BEGIN
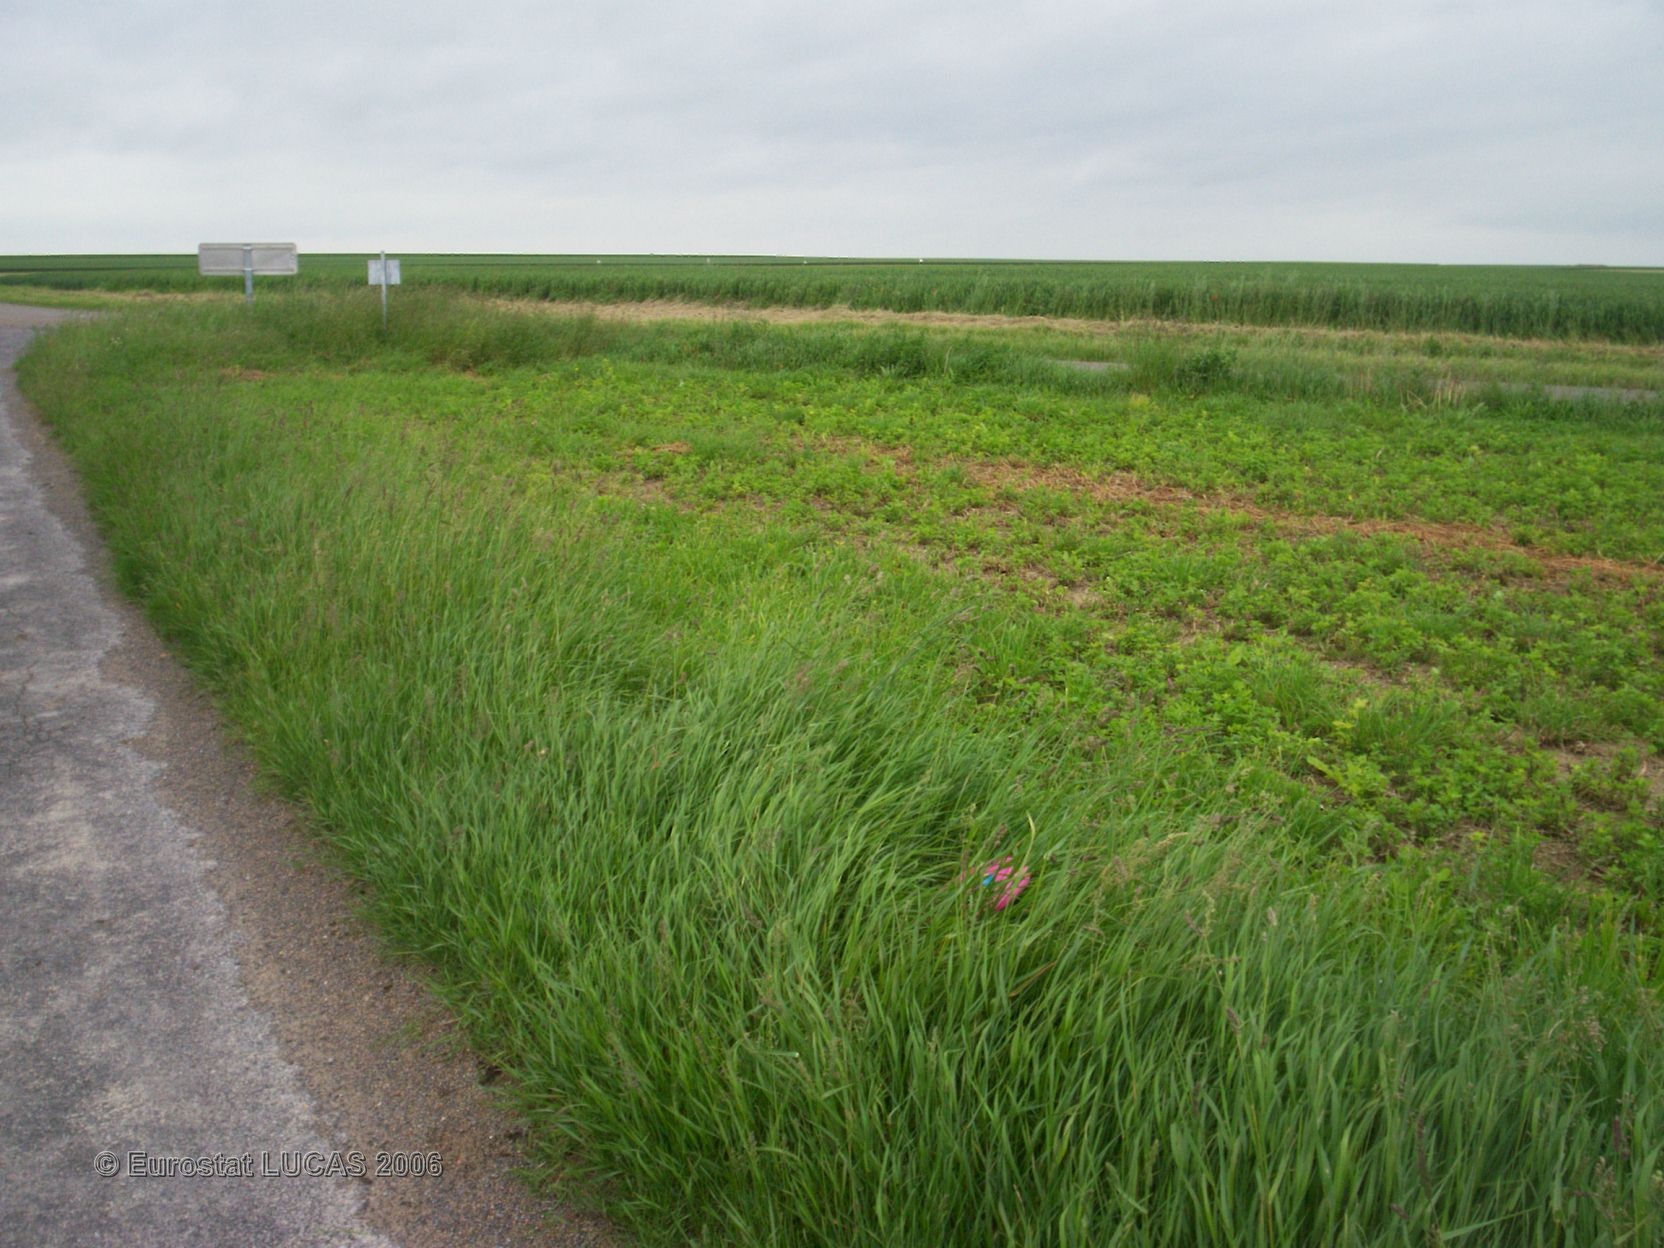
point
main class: Cropland
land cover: Lucerne
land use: Agriculture (excluding fallow land and kitchen gardens)
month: May
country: FR
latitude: 49.3074
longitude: 4.3983
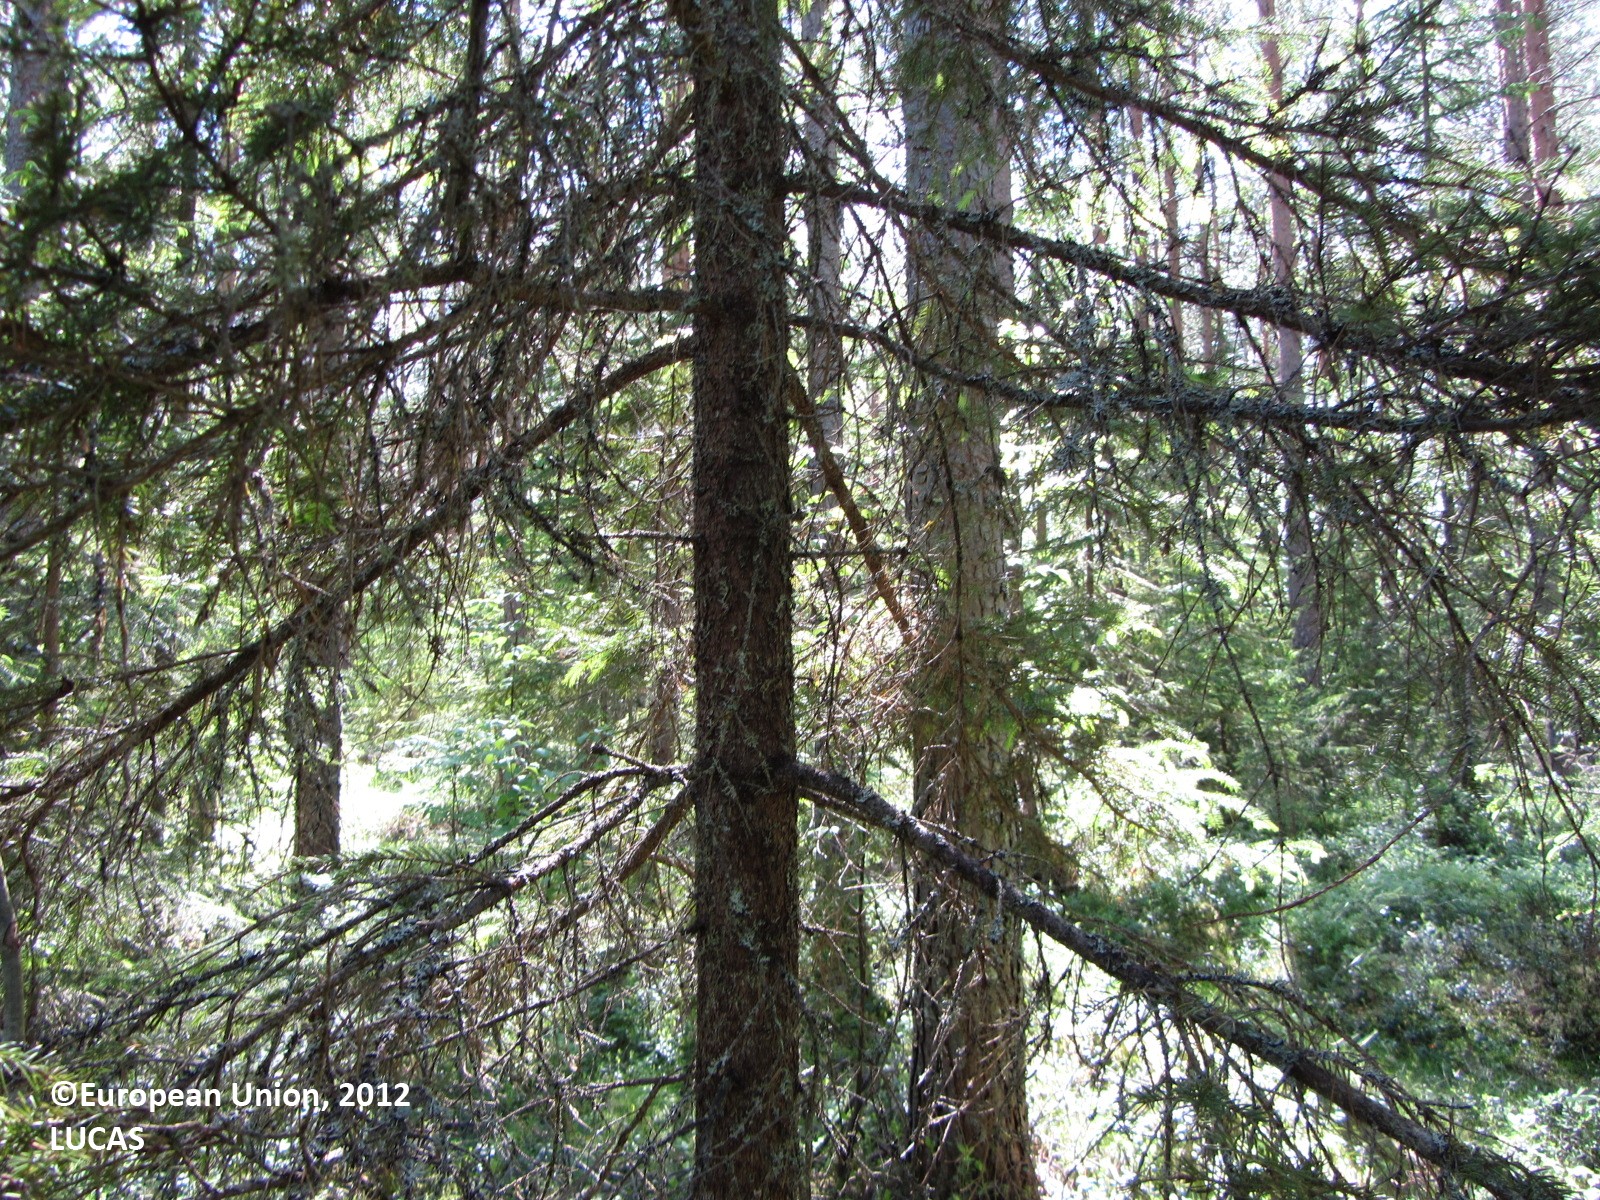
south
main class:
END
Task goal:
Should any entry above carry a picture, omit it and repeat everything else word for word.

Exercise result:
point
main class: Cropland
land cover: Lucerne
land use: Agriculture (excluding fallow land and kitchen gardens)
month: May
country: FR
latitude: 49.3074
longitude: 4.3983
south
main class:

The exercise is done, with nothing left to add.